- [Problem description]: Pick out all lines with the word "underlined" from the records that follow.
*** Data provided Section Begins ***
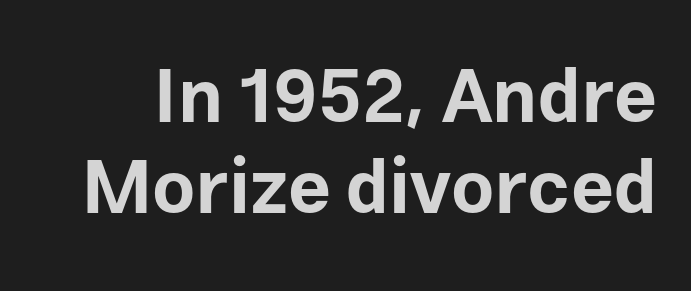
{"serif": "no", "italic": "no", "bold": "yes", "weight": "bold", "width": "normal", "stroke_contrast": "low", "x_height": "medium", "monospaced": "no", "underline": "no", "line_spacing_ratio": 1.21, "letter_spacing": "normal", "letter_spacing_em": 0.0, "glyph_px": 75}
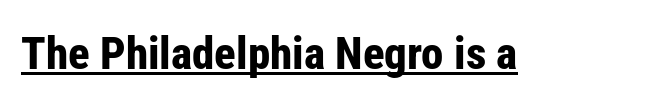
Heft: maximum for text — a bold. These lines are composed in type without serifs. This sample uses plain, unmodified letter spacing. Is there any slant? The stems are plumb. Proportional: the letters do not fall into vertical columns.
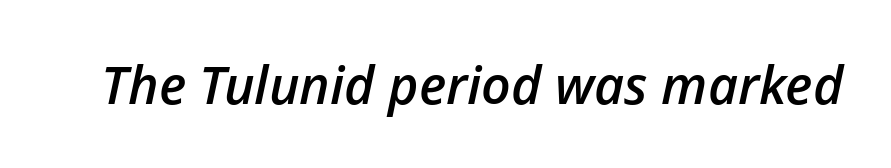
{"italic": "yes", "lean": "right", "slant_degrees": 12, "bold": "semi", "weight": "semibold", "width": "normal", "stroke_contrast": "low", "x_height": "medium", "monospaced": "no", "underline": "no", "letter_spacing": "normal", "letter_spacing_em": 0.0, "glyph_px": 52}
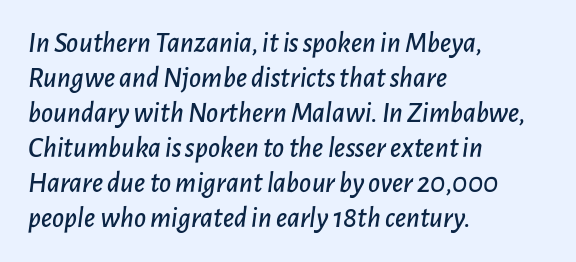
{"italic": "yes", "lean": "right", "slant_degrees": 7, "width": "normal", "stroke_contrast": "low", "x_height": "medium", "monospaced": "no", "underline": "no", "align": "left", "line_spacing_ratio": 1.21, "letter_spacing": "normal", "letter_spacing_em": 0.0, "glyph_px": 29}
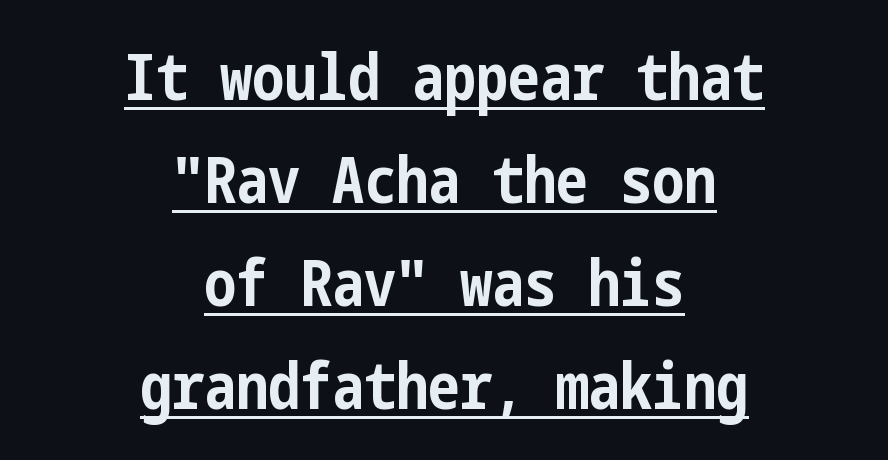
Q: Is the text bold? A: Yes.
Q: Is the text italic (slanted)? A: No, it is upright.
Q: Is the typeface a serif or a sans-serif typeface? A: Sans-serif.
Q: Is the text underlined? A: Yes.
Q: How is the paragraph aligned? A: Centered.
Q: Is the spacing between letters normal or unusually wide? A: Normal.
Q: Is the spacing between lines tight, normal or loose? A: Normal.
Q: Width (condensed, normal, or wide)? A: Condensed.
Q: Stroke contrast? A: Low.
Q: x-height? A: Medium.
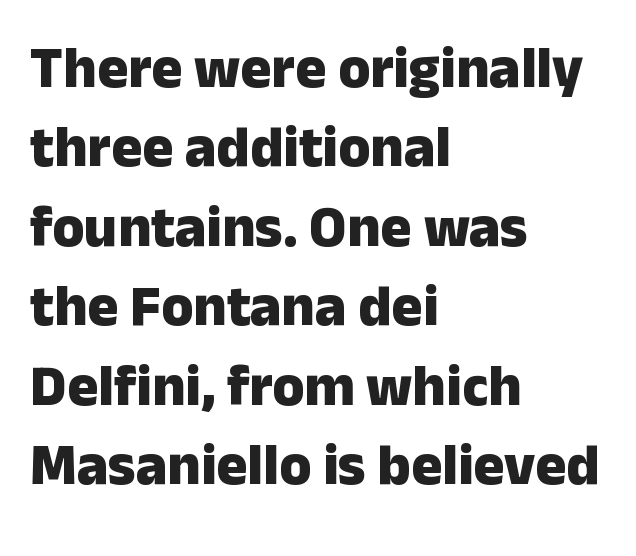
This sample keeps an unexceptional amount of space between lines. Students, note that the glyphs here touch the page at normal intervals. Style check: upright. The rendering uses natural spacing where letterforms have individual widths. As a designer I'd log this as weight 700, bold.
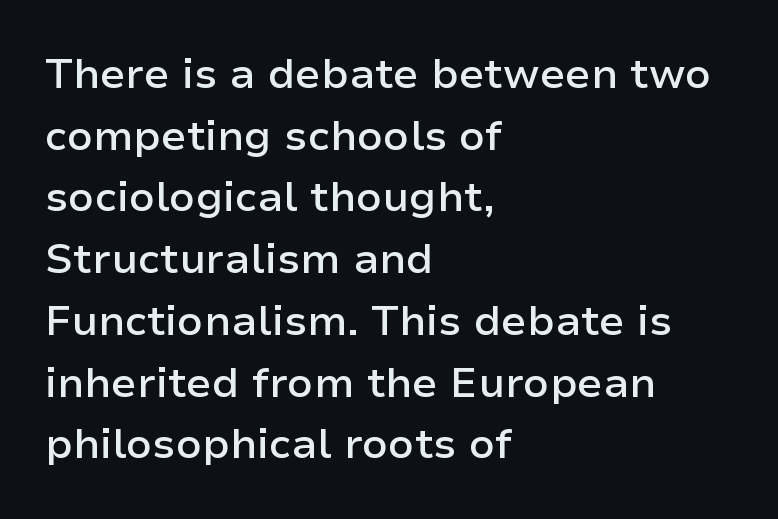
The image shows 42 px semibold sans-serif type, upright; set left-aligned, normal line spacing (1.47x), normal letter spacing, not underlined; low stroke contrast and a medium x-height.
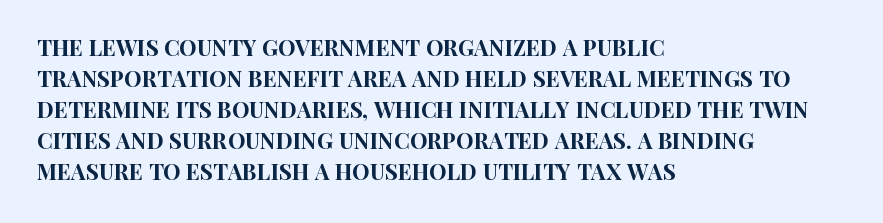
Q: Is the text italic (slanted)? A: No, it is upright.
Q: Is the text underlined? A: No.
Q: How is the paragraph aligned? A: Left-aligned.
Q: Is the spacing between letters normal or unusually wide? A: Normal.
Q: Is the spacing between lines tight, normal or loose? A: Normal.
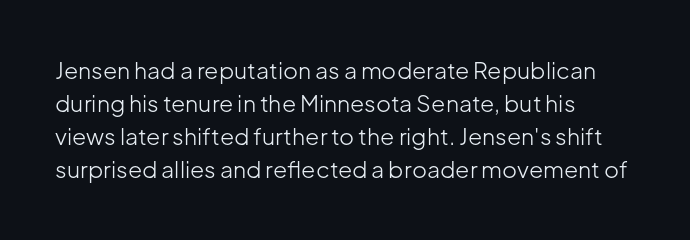
Q: Is the text bold? A: No.
Q: Is the text italic (slanted)? A: No, it is upright.
Q: Is the text underlined? A: No.
Q: How is the paragraph aligned? A: Left-aligned.
Q: Is the spacing between letters normal or unusually wide? A: Normal.
Q: Is the spacing between lines tight, normal or loose? A: Normal.
*** Data provided Section Ends ***
- [Answer to this exercise]:
Q: Is the text underlined? A: Yes.
The image shows 42 px semibold sans-serif type, upright; set left-aligned, normal line spacing (1.47x), normal letter spacing, not underlined; low stroke contrast and a medium x-height.
Q: Is the text underlined? A: No.
Q: Is the text underlined? A: No.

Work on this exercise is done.